We further characterized the spectral reflectivity and emissivity of the J-MRC to illustrate its Janus optical properties. To clearly distinguish, we defined the spectral measurements taken from the top side and the bottom side as the front spectrum and the back spectrum, respectively. As depicted in Figure 3A, the reflectivity spectrum of the front verifies that the porous structure of the nano-PE film and the HP-PEO film can efficiently scatter sunlight, thus leading to a high R ̄ solar of ∼0.954. The emissivity spectra within the MIR region are found with significant difference when measured from different sides (Figure 3B). The obtained MIR emissivity spectrum of the front has an average value of ∼0.932 in the wavelength region of 8–13 μm, meaning that the top side of the J-MRC can strongly dissipate heat through the atmospheric transparent window. In contrast, the obtained MIR emissivity of the back is notably low, which has an average value of ∼0.215 in the same 8–13 μm wavelength range. The low emissivity of the back can be attributed to the high MIR reflectivity and low MIR transmission of the AgNWs layer. The spectral result underscores the fact that the bottom side of the J-MRC can only emit limited thermal radiation, same as limited radiative heat exchange between the J-MRC and the underlying enclosure.

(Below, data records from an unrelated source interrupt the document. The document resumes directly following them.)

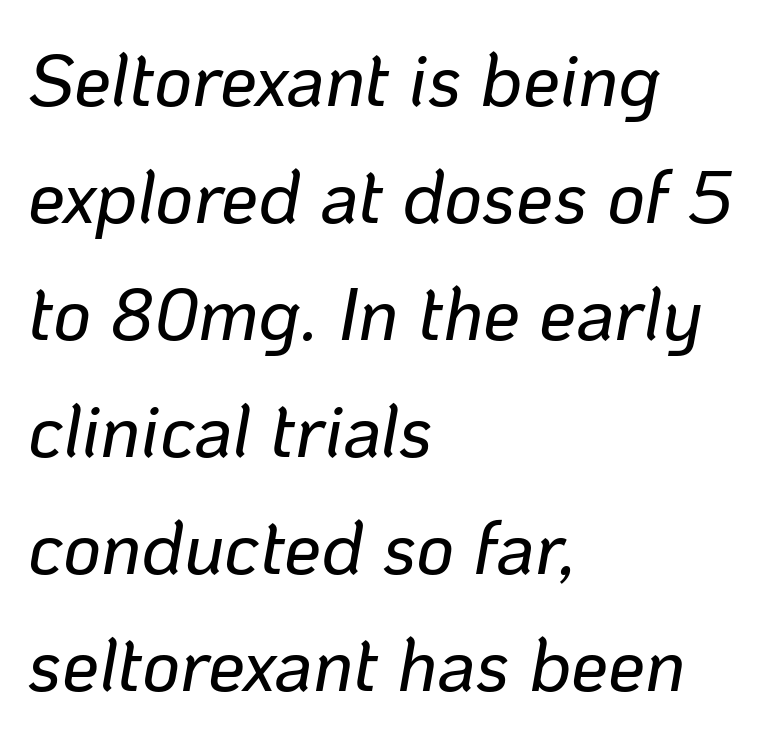
The image shows 74 px text type, italic (leaning right); set left-aligned, normal line spacing (1.58x), normal letter spacing, not underlined; low stroke contrast and a medium x-height.
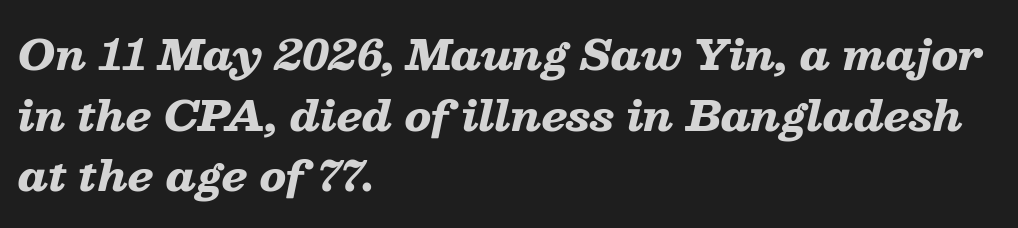
{"italic": "yes", "lean": "right", "slant_degrees": 13, "bold": "yes", "weight": "heavy", "width": "wide", "stroke_contrast": "low", "x_height": "medium", "monospaced": "no", "underline": "no", "align": "left", "line_spacing": "normal", "line_spacing_ratio": 1.48, "letter_spacing": "normal", "letter_spacing_em": 0.0, "glyph_px": 41}
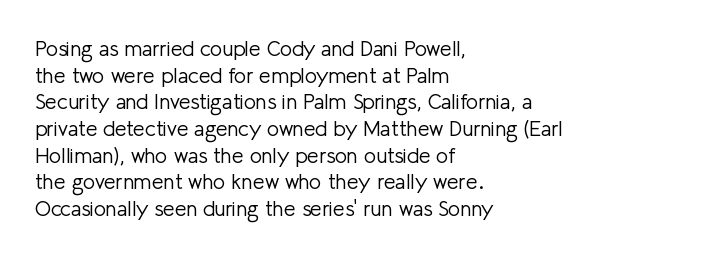
The image shows 21 px text type, upright; set left-aligned, normal line spacing (1.27x), normal letter spacing, not underlined.
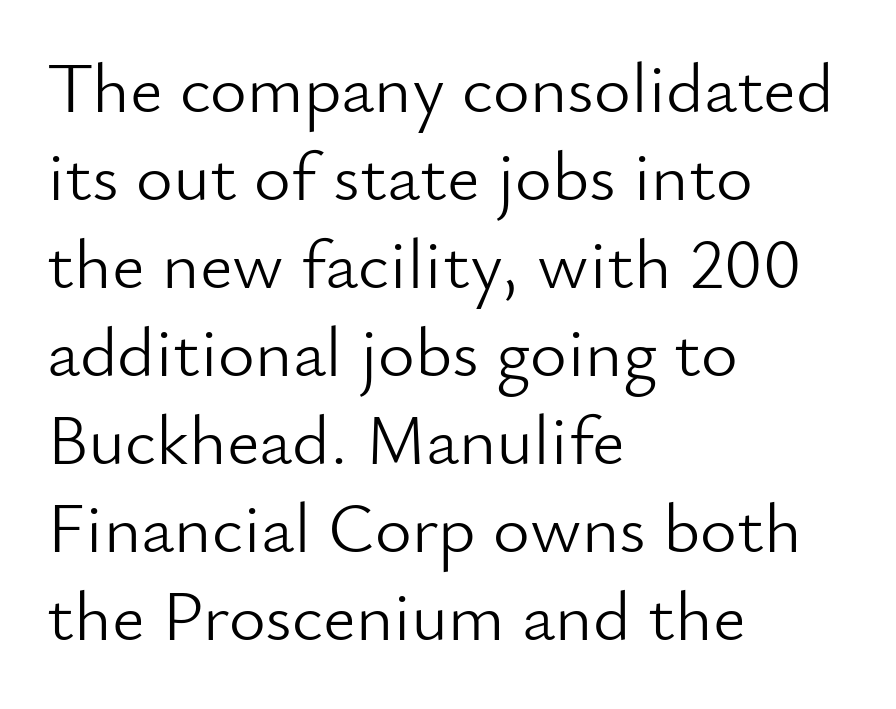
Q: Is the text bold? A: No.
Q: Is the text italic (slanted)? A: No, it is upright.
Q: Is the typeface a serif or a sans-serif typeface? A: Sans-serif.
Q: Is the text underlined? A: No.
Q: How is the paragraph aligned? A: Left-aligned.
Q: Is the spacing between letters normal or unusually wide? A: Normal.
Q: Width (condensed, normal, or wide)? A: Normal.
Q: Stroke contrast? A: Low.
Q: x-height? A: Small.
Q: Monospaced? A: No.
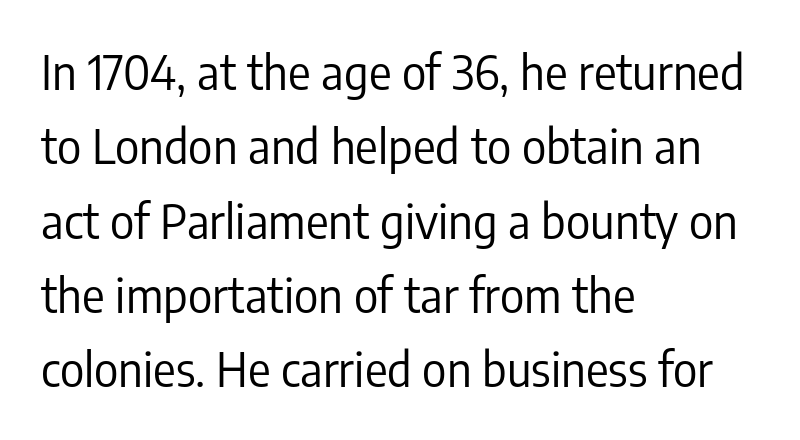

Figure 3: Characterization of the J-MRC. (A) Reflectivity spectrum in the UV-Vis-NIR wavelength range measured from the front of the J-MRC. The yellow shaded areas represent the AM1.5 global solar spectrum for reference. (B) Emissivity spectra in the mid-infrared regions measured from the front and back of the J-MRC. The blue shaded areas show the atmospheric transmittance for reference. (C) The radiant temperature of the front and back of the J-MRC on the heater with different temperatures. Inset: infrared images of the front and back of the J-MRC on the heater at 39 °C. (D) Stress-strain curves of the es-PEO film, HP-PEO film, and J-MRC film.
Figure 3:

Characterization of the J-MRC. (A) Reflectivity spectrum in the UV-Vis-NIR wavelength range measured from the front of the J-MRC. The yellow shaded areas represent the AM1.5 global solar spectrum for reference. (B) Emissivity spectra in the mid-infrared regions measured from the front and back of the J-MRC. The blue shaded areas show the atmospheric transmittance for reference. (C) The radiant temperature of the front and back of the J-MRC on the heater with different temperatures. Inset: infrared images of the front and back of the J-MRC on the heater at 39 °C. (D) Stress-strain curves of the es-PEO film, HP-PEO film, and J-MRC film.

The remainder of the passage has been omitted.